How can you make the best use of Twitter in your business? It all starts with having followers in your target market. No doubt you’ve been inundated with email offers of things like “10,000 Twitter followers in 60 seconds for only $19.95!” Trust me — 1000 followers that are members of your target market are much more useful to the growth of your business via social networking than 10,000 followers that come from anywhere.

How do you find members of your target market on Twitter? Here are my top 7 strategies:

1. Add people you know in your industry. Twitter permits people to use fictitious names or business names as their Twitter identity, rather than their given name. So, it may be difficult at times to find the person you’re seeking, especially if she goes by “ShoeDiva” on Twitter and you know her as Miranda Smith. Try Twitter Search, http://search.twitter.com or Advanced Search, http://search.twitter.com/advanced to help you in your quest.

2. Find others with the same interests or serving the same target market. The online yellow pages of Twitter users, Twellow.com, permits users to list themselves by industry and interests. If your business isn’t currently listed on Twellow, take a few minutes to do that right away.

3. Follow those in the same geographic region. If marketing to your local area is an important part of your business, find local members of your target market by using Twellowhood.com or TwitterLocal.com and find the top movers and shakers in your region, as well as some members of your target market. If you want to meet fellow Tweeps face-to-face, search local Tweetups at TwtVite,com, or create your own gathering.

4. Get relevant recommendations. The free service, MrTweet.com, will provide you with info on recommended people to follow based on your current Twitter profile. You do have to follow MrTweet in order to participate. Once you’re logged in, you can see your recommendations, along with how these recommendations are connected to your list of followers. You can evaluate your recommendations, and MrTweet will make changes in your recommended list accordingly.

5. Follow those who follow you. It’s considered good Twitter etiquette to follow those people who’ve chosen to follow you. And, to prevent being labeled a Twitter snob, ideally you should be following more people than are following you. I have automated my ability to follow my followers by using a free version of TweetLater.com.

6. Look for keywords.

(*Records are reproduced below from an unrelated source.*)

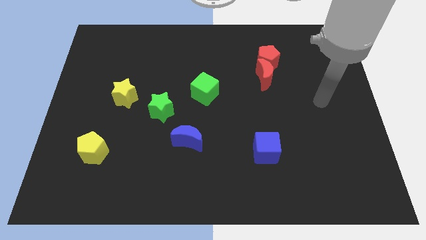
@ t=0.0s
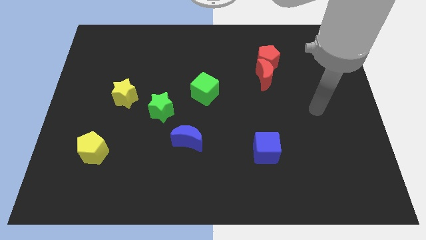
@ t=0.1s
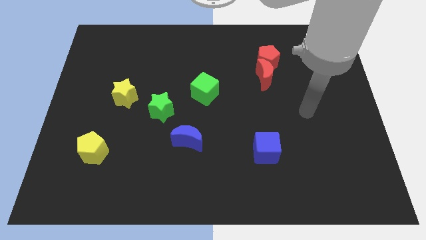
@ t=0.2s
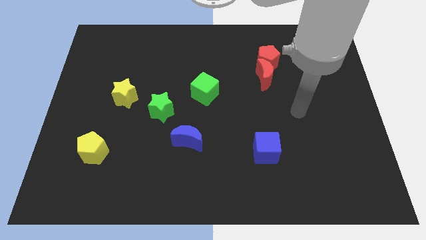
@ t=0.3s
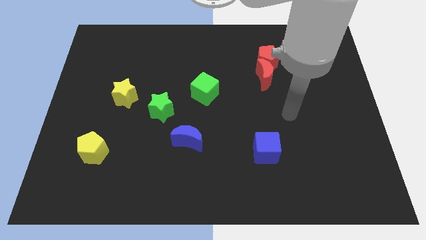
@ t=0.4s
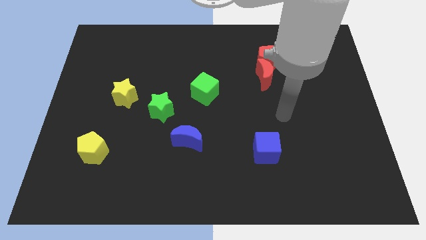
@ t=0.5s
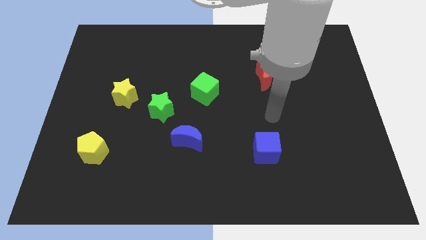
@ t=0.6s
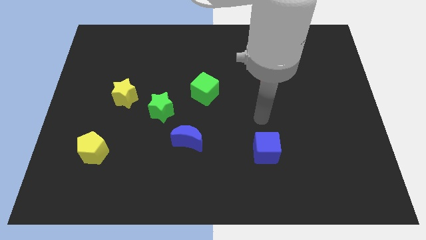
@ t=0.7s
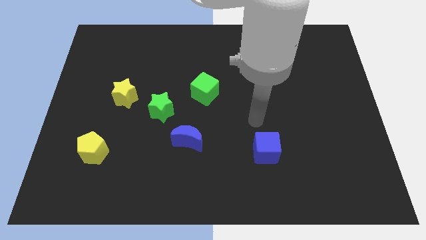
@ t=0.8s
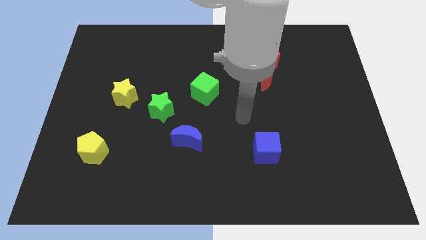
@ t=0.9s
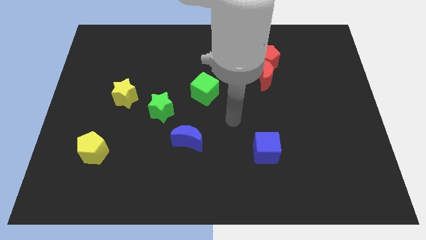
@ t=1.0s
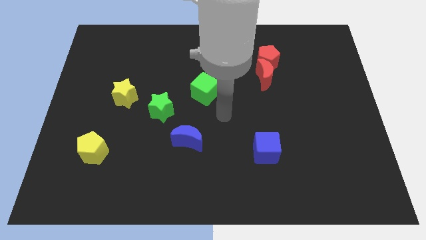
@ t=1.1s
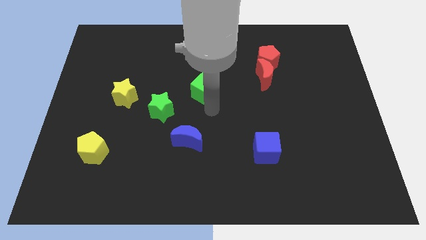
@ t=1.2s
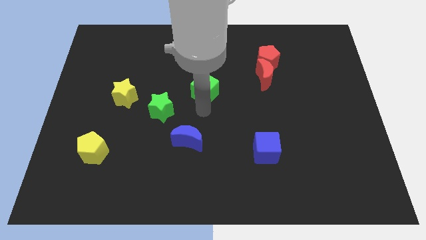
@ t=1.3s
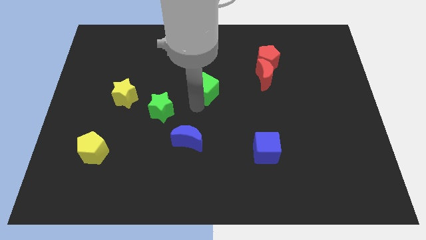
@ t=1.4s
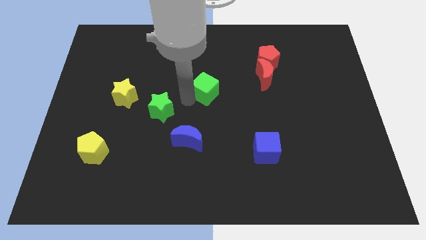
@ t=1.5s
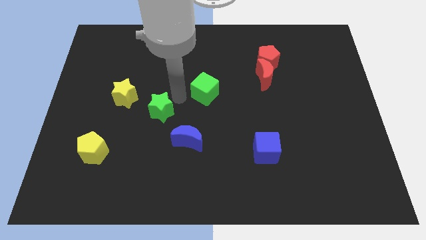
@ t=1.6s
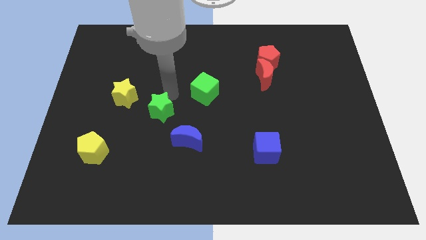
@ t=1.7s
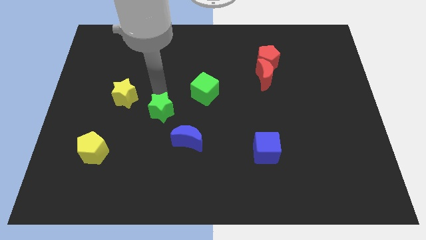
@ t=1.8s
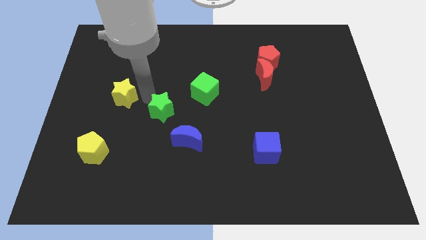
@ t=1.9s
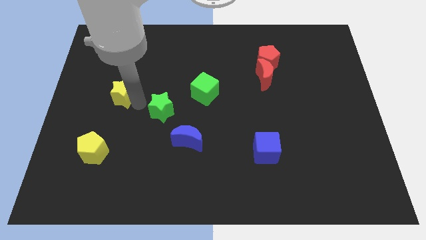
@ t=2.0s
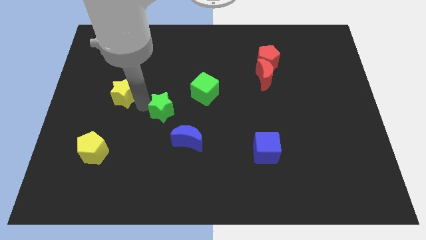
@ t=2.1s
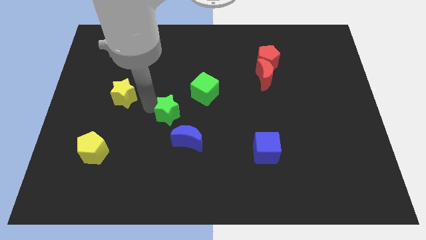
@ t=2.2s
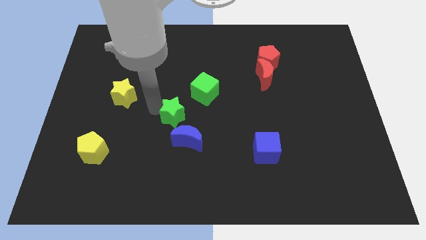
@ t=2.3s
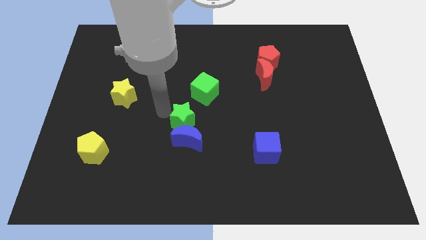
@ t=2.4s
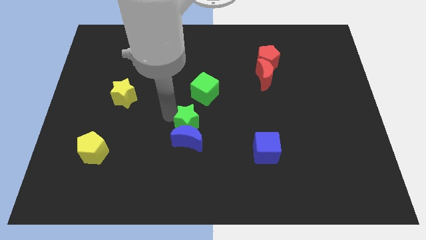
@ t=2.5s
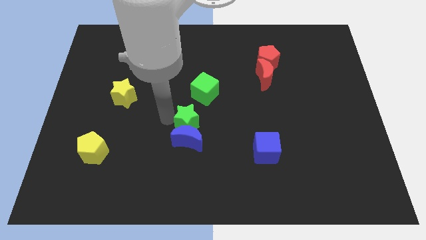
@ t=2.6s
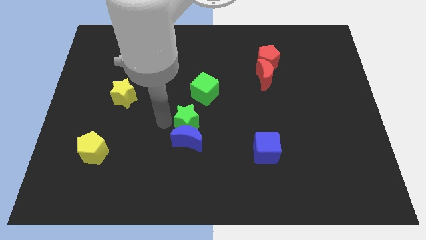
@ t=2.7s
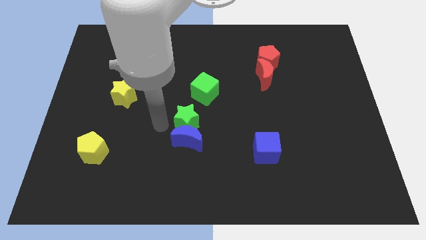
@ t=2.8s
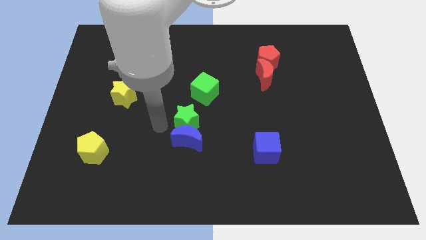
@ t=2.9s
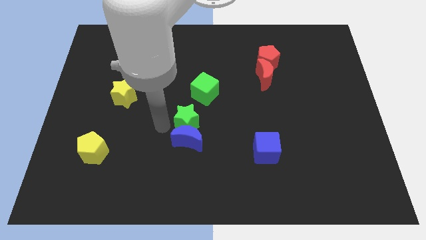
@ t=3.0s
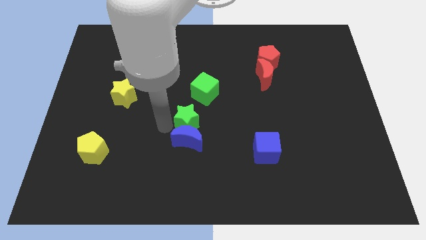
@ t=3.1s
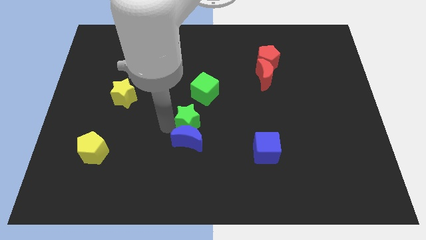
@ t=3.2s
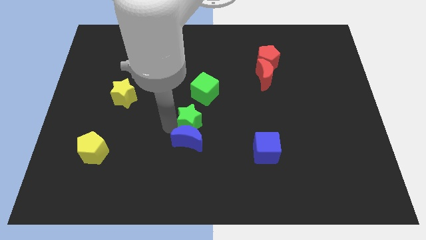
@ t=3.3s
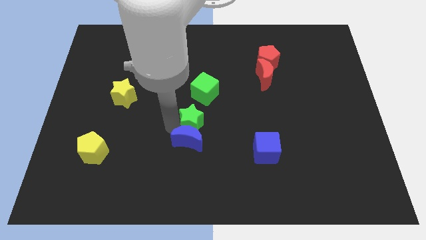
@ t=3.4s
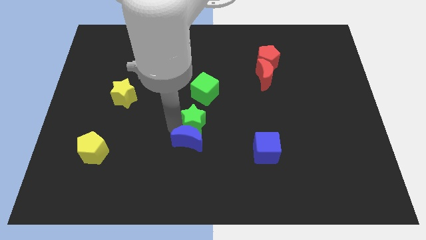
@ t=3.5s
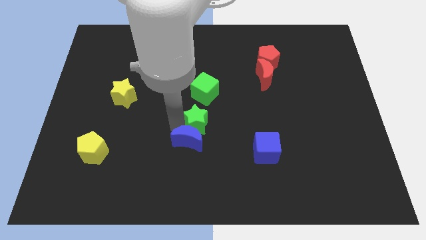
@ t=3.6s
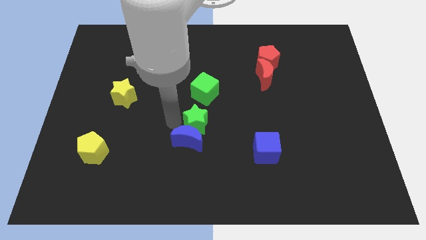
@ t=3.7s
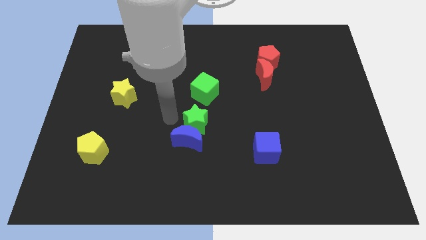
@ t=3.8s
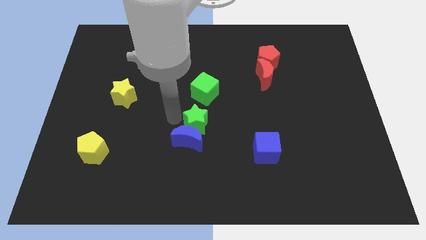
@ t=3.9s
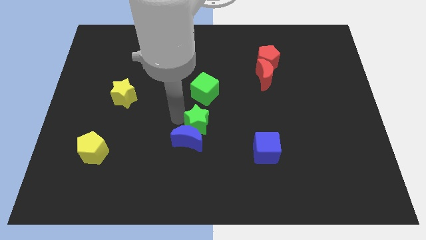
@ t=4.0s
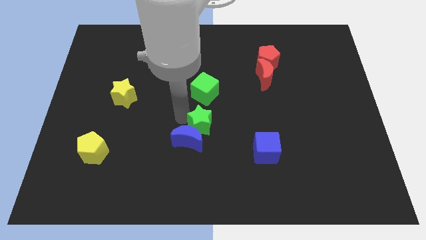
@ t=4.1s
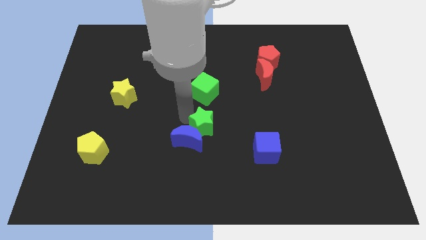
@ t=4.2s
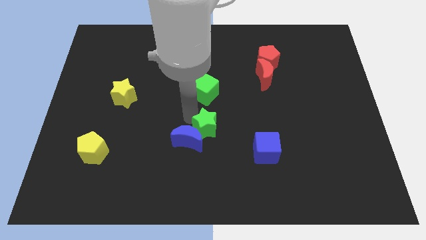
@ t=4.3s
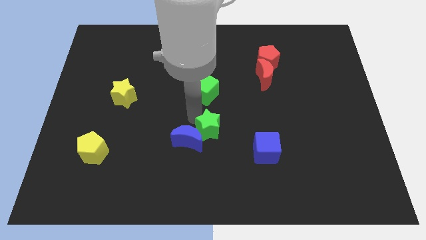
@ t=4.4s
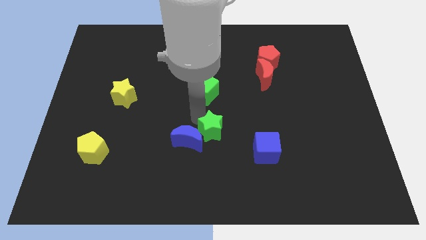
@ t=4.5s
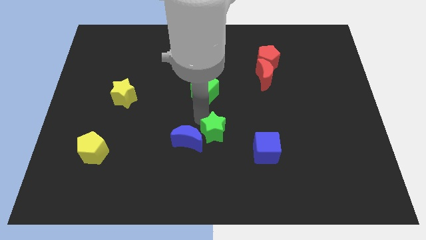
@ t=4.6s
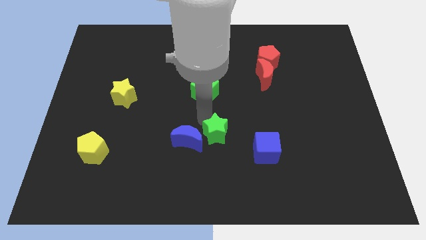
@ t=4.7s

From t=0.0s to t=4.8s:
push the green star diagonally up and to the left of the blue cube

Another way to find relevant followers is to keep track of people mentioning certain keywords in their Tweets. I do that through the free version of TweetLater.com. I use this same service to keep track of any mentions of me or my company on Twitter in the very same way I use Google Alerts.

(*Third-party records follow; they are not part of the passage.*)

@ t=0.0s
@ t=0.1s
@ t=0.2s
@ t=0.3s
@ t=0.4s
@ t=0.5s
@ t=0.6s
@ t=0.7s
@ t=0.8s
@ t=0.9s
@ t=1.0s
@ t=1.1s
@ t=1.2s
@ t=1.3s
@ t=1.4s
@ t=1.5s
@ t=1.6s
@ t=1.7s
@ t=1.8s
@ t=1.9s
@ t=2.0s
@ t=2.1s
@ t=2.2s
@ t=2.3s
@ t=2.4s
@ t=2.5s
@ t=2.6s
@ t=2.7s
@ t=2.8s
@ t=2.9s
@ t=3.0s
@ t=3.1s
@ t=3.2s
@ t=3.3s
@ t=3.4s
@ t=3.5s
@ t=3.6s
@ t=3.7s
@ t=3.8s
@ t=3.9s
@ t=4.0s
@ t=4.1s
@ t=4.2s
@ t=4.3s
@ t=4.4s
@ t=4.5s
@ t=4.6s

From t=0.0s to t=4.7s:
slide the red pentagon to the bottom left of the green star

7. Find groups. Twibes.com permits you to find groups by industry and interest and join them and/or see the members of each group. And, if you so inclined, you can create your own Twitter group, as well.

Remember, finding your target market is just the beginning. Once you’ve found them, you need to begin to build relationships with them. This means paying attention to what they say so that you can respond when appropriate either with a direct message (DM) or an @ reply that is public or retweeting (RT) their message to your followers when you feel someone has great info that would be useful to those who follow you. Take 10-15 minutes per day to keep yourself informed about what’s happening with your Tweeps and watch your business grow!